(Items listed in a dataset)
· · · · ·

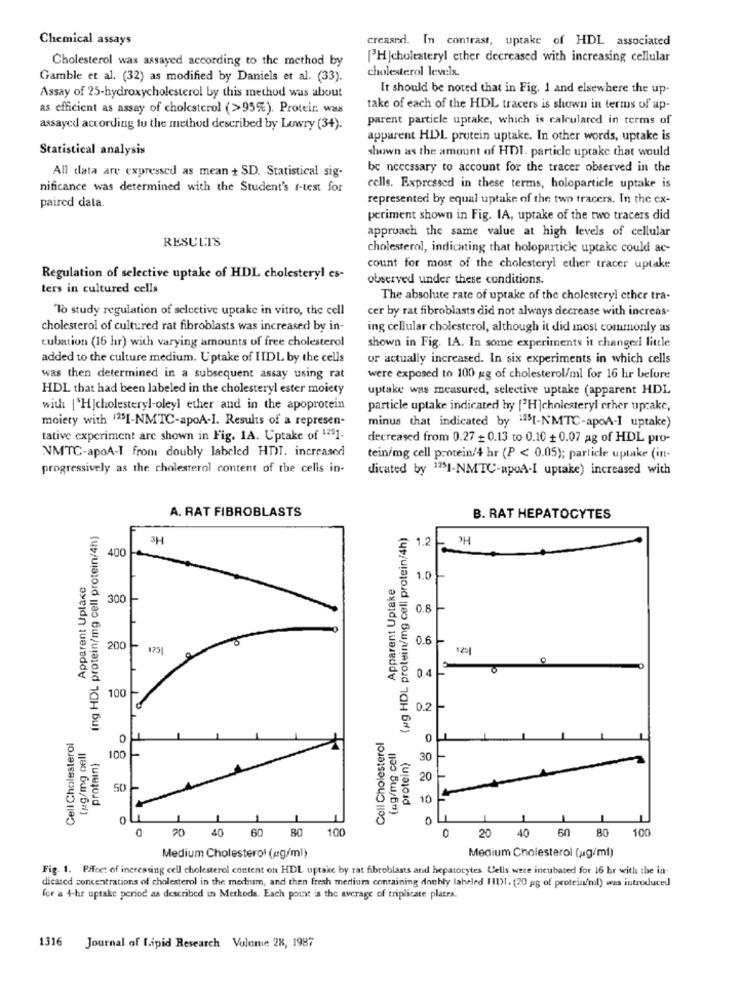
Chemical assays
creased. In contrast, uptake of HDL associated
Cholesterol was assayed according to the method by
["HJcholesteryl ether decreased with increasing cellular
cholesterol levels.
Gamble et al. (32) as modified by Daniels et al. (33).
It should be noted that in Fig. 1 and elsewhere the up-
Assay of 25-hydroxycholesterol by this method was about
as efficient as assay of cholesterol (>95%). Protein was
take of each of the HDL tracers is shown in terms of ap-
parent particle uptake, which is calculated in terms of
assayed according to the method described by Lowry (34).
apparent HDL protein uptake. In other words, uptake is
Statistical analysis
shown as the amount of HDI. particle uptake that would
All data are expressed as mean + SD. Statistical sig-
be necessary to account for the tracer observed in the
nificance was determined with the Student's f-test for
cells. Expressed in these terms, holoparticle uptake is
represented by equal uptake of the two tracers. In the cx-
paired data.
periment shown in Fig. IA, uptake of the two tracers did
approach the same value at high levels of cellular
RESULTS
cholesterol, indicating that holoparticle uptake could ac-
count for most of the cholesteryl ether tracer uptake
Regulation of selective uptake of HDL cholesteryl es-
observed under these conditions.
ters in cultured cella
The absolute rate of uptake of the cholesteryl ether tra-
"To study regulation of selective uptake in vitro, the cell
cer by rat fibroblasts did not always decrease with increas-
cholesterol of cultured rat fibroblasts was increased by in-
ing cellular cholesterol, although it did most commonly as
cubation (16 hr) with varying amounts of free cholesterol
shown in Fig. IA. In some experiments it changed little
added to the culture medium. Uptake of IIDL by the cells
or actually increased. In six experiments in which cells
was then determined in a subsequent assay using rat
were exposed to 100 gg of cholesterol/ml for 16 hr belure
HDL that had been labeled in the cholesteryl ester moiety
uptake was measured, selective uptake (apparent HDL
with [ H]cholesteryl-oleyl ether and in the apoprotein
particle uptake indicated by [3H |cholesteryl erher upcake,
moiety with 1251-NMTC-apoA-I. Results of a represen-
minus that indicated by :25[-N'MTC-apoA-I uptake)
tative experiment are shown in Fig. 1A. Uptake of 1251-
decreased from 0.27 - 0.13 to 0.10 + 0.07 ag of HDL pro-
VMTC-apoA-I from doubly labeled HDT. increased
tein/mg cell protein/4 hr (P < 0.05); particle uptake (in-
progressively as the cholesterol content of the cells in-
dicated by 1251-NMTC-apoA-I uptake) increased with
A. RAT FIBROBLASTS
(ng HDL protein/mg cell protein/4h)
B. RAT HEPATOCYTES
(ag HDL protein/mg cell protein/4h)
Hc
3H
1.2
400
Apparent Uplace
Apparent Uptake
1.0
300
0.8
0.6
200
125
O
0.4
100 -
0.2
Cell Cholesterol
0
Coll Cholesterol
0
tug/mg cell
(ag/mg cell
protein}
100
protein)
30
20
50
10
0
20 40
60
80
100
0
60 80
100
20 40
Medium Cholesterol (ug/ml)
Medium Cholesterol (pg/ml)
Fig. 1. Pffcc: of inercasing cell cholesterol content on HDL uptake by rat fibroblasts and hepatocytes. Cells were incubated for 16 hr with the in-
dicated concentrations of cholesterol in the medium, and then fresh medium conraining donhly labeled HUI. (20 gg of protein/mal) was introduced
for a 4-hr uptake period as described in Methods. Each point is the average of triplicate plates.
1316 Journal of Lipid Research Volume 28, 1987
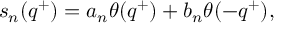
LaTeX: s _ { n } ( q ^ { + } ) = a _ { n } \theta ( q ^ { + } ) + b _ { n } \theta ( - q ^ { + } ) ,
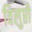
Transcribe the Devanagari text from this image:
विलुप्ती
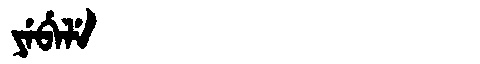
Manchu: ᠶᡝᠪᡝᠯᡝ
Romanization: YEBELE
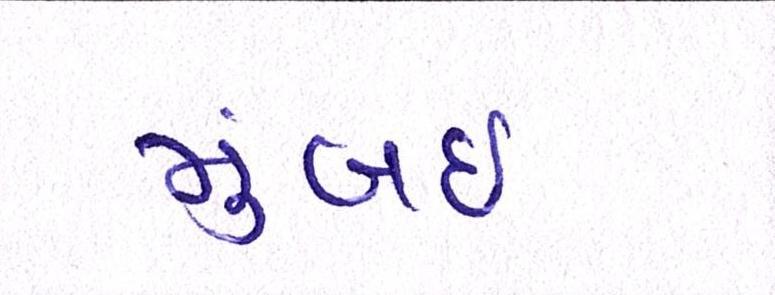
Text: મુંબઇઃ
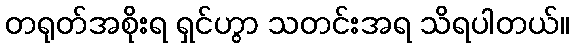
တရုတ်အစိုးရ ရှင်ဟွာ သတင်းအရ သိရပါတယ်။
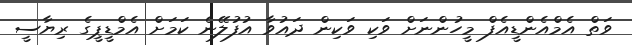
ވަތް އެމްއެންޑީއެފް މީހުންނަށް ވަކި ވަކިން ދައުވާ އުފުލޭނެ ކަމަށް އެމްޑީޕީގެ ރިޔާސީ
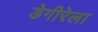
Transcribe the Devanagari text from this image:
डेगीरेला
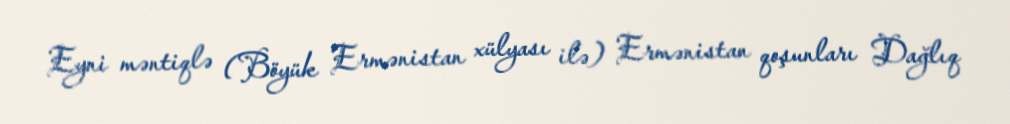
Eyni məntiqlə (Böyük Ermənistan xülyası ilə) Ermənistan qoşunları Dağlıq
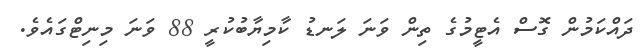
ދައްކަމުން ގޮސް އެޓީމުގެ ތިން ވަނަ ލަނޑު ކާމިޔާބުކުރީ 88 ވަނަ މިނިޓްގައެވެ.

· · · · ·

*TASK BRIEF*. Among the lines above, tally those containing the string "experiments" and give only the result.

*EXERCISE RESPONSE*. 2